[DIRECTIONS FOR THIS TASK]:
Transcribe each record exactly. Include every one.

-------- SOURCE INFORMATION

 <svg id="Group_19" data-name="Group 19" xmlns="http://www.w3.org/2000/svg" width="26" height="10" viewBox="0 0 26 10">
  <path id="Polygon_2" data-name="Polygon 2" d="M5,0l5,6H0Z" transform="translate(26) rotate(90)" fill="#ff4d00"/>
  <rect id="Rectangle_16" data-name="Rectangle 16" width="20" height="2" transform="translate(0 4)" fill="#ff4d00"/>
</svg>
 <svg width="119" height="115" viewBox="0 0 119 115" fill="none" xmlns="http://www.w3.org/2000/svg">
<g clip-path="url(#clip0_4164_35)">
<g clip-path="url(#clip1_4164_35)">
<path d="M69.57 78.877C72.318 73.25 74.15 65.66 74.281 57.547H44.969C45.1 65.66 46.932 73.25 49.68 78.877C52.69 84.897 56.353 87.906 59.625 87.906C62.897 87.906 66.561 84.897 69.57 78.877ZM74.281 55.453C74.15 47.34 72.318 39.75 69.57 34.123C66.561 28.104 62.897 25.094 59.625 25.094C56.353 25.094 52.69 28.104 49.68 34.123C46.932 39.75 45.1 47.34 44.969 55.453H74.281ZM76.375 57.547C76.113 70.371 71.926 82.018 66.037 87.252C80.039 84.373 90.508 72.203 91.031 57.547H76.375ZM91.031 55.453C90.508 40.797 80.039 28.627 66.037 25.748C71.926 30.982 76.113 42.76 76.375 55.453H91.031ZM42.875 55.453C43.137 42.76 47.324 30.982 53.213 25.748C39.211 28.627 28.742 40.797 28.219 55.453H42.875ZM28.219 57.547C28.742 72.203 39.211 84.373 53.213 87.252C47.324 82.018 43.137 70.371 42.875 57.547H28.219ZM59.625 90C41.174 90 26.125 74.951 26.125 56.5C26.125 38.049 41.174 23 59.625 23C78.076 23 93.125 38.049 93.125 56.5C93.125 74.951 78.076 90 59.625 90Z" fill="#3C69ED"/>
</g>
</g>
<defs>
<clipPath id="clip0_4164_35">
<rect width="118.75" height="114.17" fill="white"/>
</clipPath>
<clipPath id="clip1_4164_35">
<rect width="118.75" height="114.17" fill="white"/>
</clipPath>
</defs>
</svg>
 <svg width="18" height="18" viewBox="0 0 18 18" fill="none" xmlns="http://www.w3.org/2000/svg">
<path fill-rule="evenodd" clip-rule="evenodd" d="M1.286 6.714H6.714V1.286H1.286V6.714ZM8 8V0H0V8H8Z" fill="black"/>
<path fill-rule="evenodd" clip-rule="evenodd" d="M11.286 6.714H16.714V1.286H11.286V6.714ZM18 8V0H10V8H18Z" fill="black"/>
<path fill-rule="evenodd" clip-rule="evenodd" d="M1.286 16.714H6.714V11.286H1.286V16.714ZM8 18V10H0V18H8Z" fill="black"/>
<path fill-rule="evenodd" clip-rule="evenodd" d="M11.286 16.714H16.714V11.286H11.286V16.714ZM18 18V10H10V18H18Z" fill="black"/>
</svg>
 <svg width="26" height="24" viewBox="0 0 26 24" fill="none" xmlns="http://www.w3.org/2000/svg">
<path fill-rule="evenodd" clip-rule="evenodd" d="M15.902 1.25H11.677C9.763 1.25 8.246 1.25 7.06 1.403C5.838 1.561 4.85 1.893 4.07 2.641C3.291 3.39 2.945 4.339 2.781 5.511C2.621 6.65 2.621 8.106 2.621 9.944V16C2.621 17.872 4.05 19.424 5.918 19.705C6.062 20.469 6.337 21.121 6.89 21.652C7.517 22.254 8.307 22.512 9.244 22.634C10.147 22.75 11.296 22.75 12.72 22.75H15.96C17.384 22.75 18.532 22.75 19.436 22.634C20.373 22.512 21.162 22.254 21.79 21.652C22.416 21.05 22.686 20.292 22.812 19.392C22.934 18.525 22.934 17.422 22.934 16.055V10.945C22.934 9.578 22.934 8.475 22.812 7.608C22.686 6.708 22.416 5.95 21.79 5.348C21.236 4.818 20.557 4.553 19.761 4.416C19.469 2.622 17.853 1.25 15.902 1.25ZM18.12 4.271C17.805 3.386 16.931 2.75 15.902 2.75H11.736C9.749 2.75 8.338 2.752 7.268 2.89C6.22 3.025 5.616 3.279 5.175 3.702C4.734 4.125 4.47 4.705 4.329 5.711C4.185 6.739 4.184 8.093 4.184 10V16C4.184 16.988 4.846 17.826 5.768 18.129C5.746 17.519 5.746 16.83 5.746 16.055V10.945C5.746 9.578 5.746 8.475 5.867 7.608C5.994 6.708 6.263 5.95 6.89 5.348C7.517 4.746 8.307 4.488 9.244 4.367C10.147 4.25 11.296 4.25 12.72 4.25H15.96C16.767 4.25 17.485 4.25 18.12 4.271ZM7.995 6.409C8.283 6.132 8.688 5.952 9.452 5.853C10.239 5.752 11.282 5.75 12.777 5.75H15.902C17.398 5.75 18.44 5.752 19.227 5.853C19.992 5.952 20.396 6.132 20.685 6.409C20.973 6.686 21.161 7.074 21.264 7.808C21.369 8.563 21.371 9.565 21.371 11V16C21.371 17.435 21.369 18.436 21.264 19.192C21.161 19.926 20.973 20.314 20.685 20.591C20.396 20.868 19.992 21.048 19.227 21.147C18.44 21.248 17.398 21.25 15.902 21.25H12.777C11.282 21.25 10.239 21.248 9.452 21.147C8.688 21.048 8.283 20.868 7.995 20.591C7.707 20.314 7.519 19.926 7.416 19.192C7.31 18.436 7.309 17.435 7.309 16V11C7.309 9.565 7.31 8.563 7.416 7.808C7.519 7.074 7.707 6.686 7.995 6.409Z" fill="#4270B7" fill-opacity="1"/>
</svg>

----------------

[TASK RESULT]:
 <svg id="Group_19" data-name="Group 19" xmlns="http://www.w3.org/2000/svg" width="26" height="10" viewBox="0 0 26 10">
  <path id="Polygon_2" data-name="Polygon 2" d="M5,0l5,6H0Z" transform="translate(26) rotate(90)" fill="#ff4d00"/>
  <rect id="Rectangle_16" data-name="Rectangle 16" width="20" height="2" transform="translate(0 4)" fill="#ff4d00"/>
</svg>
 <svg width="119" height="115" viewBox="0 0 119 115" fill="none" xmlns="http://www.w3.org/2000/svg">
<g clip-path="url(#clip0_4164_35)">
<g clip-path="url(#clip1_4164_35)">
<path d="M69.57 78.877C72.318 73.25 74.15 65.66 74.281 57.547H44.969C45.1 65.66 46.932 73.25 49.68 78.877C52.69 84.897 56.353 87.906 59.625 87.906C62.897 87.906 66.561 84.897 69.57 78.877ZM74.281 55.453C74.15 47.34 72.318 39.75 69.57 34.123C66.561 28.104 62.897 25.094 59.625 25.094C56.353 25.094 52.69 28.104 49.68 34.123C46.932 39.75 45.1 47.34 44.969 55.453H74.281ZM76.375 57.547C76.113 70.371 71.926 82.018 66.037 87.252C80.039 84.373 90.508 72.203 91.031 57.547H76.375ZM91.031 55.453C90.508 40.797 80.039 28.627 66.037 25.748C71.926 30.982 76.113 42.76 76.375 55.453H91.031ZM42.875 55.453C43.137 42.76 47.324 30.982 53.213 25.748C39.211 28.627 28.742 40.797 28.219 55.453H42.875ZM28.219 57.547C28.742 72.203 39.211 84.373 53.213 87.252C47.324 82.018 43.137 70.371 42.875 57.547H28.219ZM59.625 90C41.174 90 26.125 74.951 26.125 56.5C26.125 38.049 41.174 23 59.625 23C78.076 23 93.125 38.049 93.125 56.5C93.125 74.951 78.076 90 59.625 90Z" fill="#3C69ED"/>
</g>
</g>
<defs>
<clipPath id="clip0_4164_35">
<rect width="118.75" height="114.17" fill="white"/>
</clipPath>
<clipPath id="clip1_4164_35">
<rect width="118.75" height="114.17" fill="white"/>
</clipPath>
</defs>
</svg>
 <svg width="18" height="18" viewBox="0 0 18 18" fill="none" xmlns="http://www.w3.org/2000/svg">
<path fill-rule="evenodd" clip-rule="evenodd" d="M1.286 6.714H6.714V1.286H1.286V6.714ZM8 8V0H0V8H8Z" fill="black"/>
<path fill-rule="evenodd" clip-rule="evenodd" d="M11.286 6.714H16.714V1.286H11.286V6.714ZM18 8V0H10V8H18Z" fill="black"/>
<path fill-rule="evenodd" clip-rule="evenodd" d="M1.286 16.714H6.714V11.286H1.286V16.714ZM8 18V10H0V18H8Z" fill="black"/>
<path fill-rule="evenodd" clip-rule="evenodd" d="M11.286 16.714H16.714V11.286H11.286V16.714ZM18 18V10H10V18H18Z" fill="black"/>
</svg>
 <svg width="26" height="24" viewBox="0 0 26 24" fill="none" xmlns="http://www.w3.org/2000/svg">
<path fill-rule="evenodd" clip-rule="evenodd" d="M15.902 1.25H11.677C9.763 1.25 8.246 1.25 7.06 1.403C5.838 1.561 4.85 1.893 4.07 2.641C3.291 3.39 2.945 4.339 2.781 5.511C2.621 6.65 2.621 8.106 2.621 9.944V16C2.621 17.872 4.05 19.424 5.918 19.705C6.062 20.469 6.337 21.121 6.89 21.652C7.517 22.254 8.307 22.512 9.244 22.634C10.147 22.75 11.296 22.75 12.72 22.75H15.96C17.384 22.75 18.532 22.75 19.436 22.634C20.373 22.512 21.162 22.254 21.79 21.652C22.416 21.05 22.686 20.292 22.812 19.392C22.934 18.525 22.934 17.422 22.934 16.055V10.945C22.934 9.578 22.934 8.475 22.812 7.608C22.686 6.708 22.416 5.95 21.79 5.348C21.236 4.818 20.557 4.553 19.761 4.416C19.469 2.622 17.853 1.25 15.902 1.25ZM18.12 4.271C17.805 3.386 16.931 2.75 15.902 2.75H11.736C9.749 2.75 8.338 2.752 7.268 2.89C6.22 3.025 5.616 3.279 5.175 3.702C4.734 4.125 4.47 4.705 4.329 5.711C4.185 6.739 4.184 8.093 4.184 10V16C4.184 16.988 4.846 17.826 5.768 18.129C5.746 17.519 5.746 16.83 5.746 16.055V10.945C5.746 9.578 5.746 8.475 5.867 7.608C5.994 6.708 6.263 5.95 6.89 5.348C7.517 4.746 8.307 4.488 9.244 4.367C10.147 4.25 11.296 4.25 12.72 4.25H15.96C16.767 4.25 17.485 4.25 18.12 4.271ZM7.995 6.409C8.283 6.132 8.688 5.952 9.452 5.853C10.239 5.752 11.282 5.75 12.777 5.75H15.902C17.398 5.75 18.44 5.752 19.227 5.853C19.992 5.952 20.396 6.132 20.685 6.409C20.973 6.686 21.161 7.074 21.264 7.808C21.369 8.563 21.371 9.565 21.371 11V16C21.371 17.435 21.369 18.436 21.264 19.192C21.161 19.926 20.973 20.314 20.685 20.591C20.396 20.868 19.992 21.048 19.227 21.147C18.44 21.248 17.398 21.25 15.902 21.25H12.777C11.282 21.25 10.239 21.248 9.452 21.147C8.688 21.048 8.283 20.868 7.995 20.591C7.707 20.314 7.519 19.926 7.416 19.192C7.31 18.436 7.309 17.435 7.309 16V11C7.309 9.565 7.31 8.563 7.416 7.808C7.519 7.074 7.707 6.686 7.995 6.409Z" fill="#4270B7" fill-opacity="1"/>
</svg>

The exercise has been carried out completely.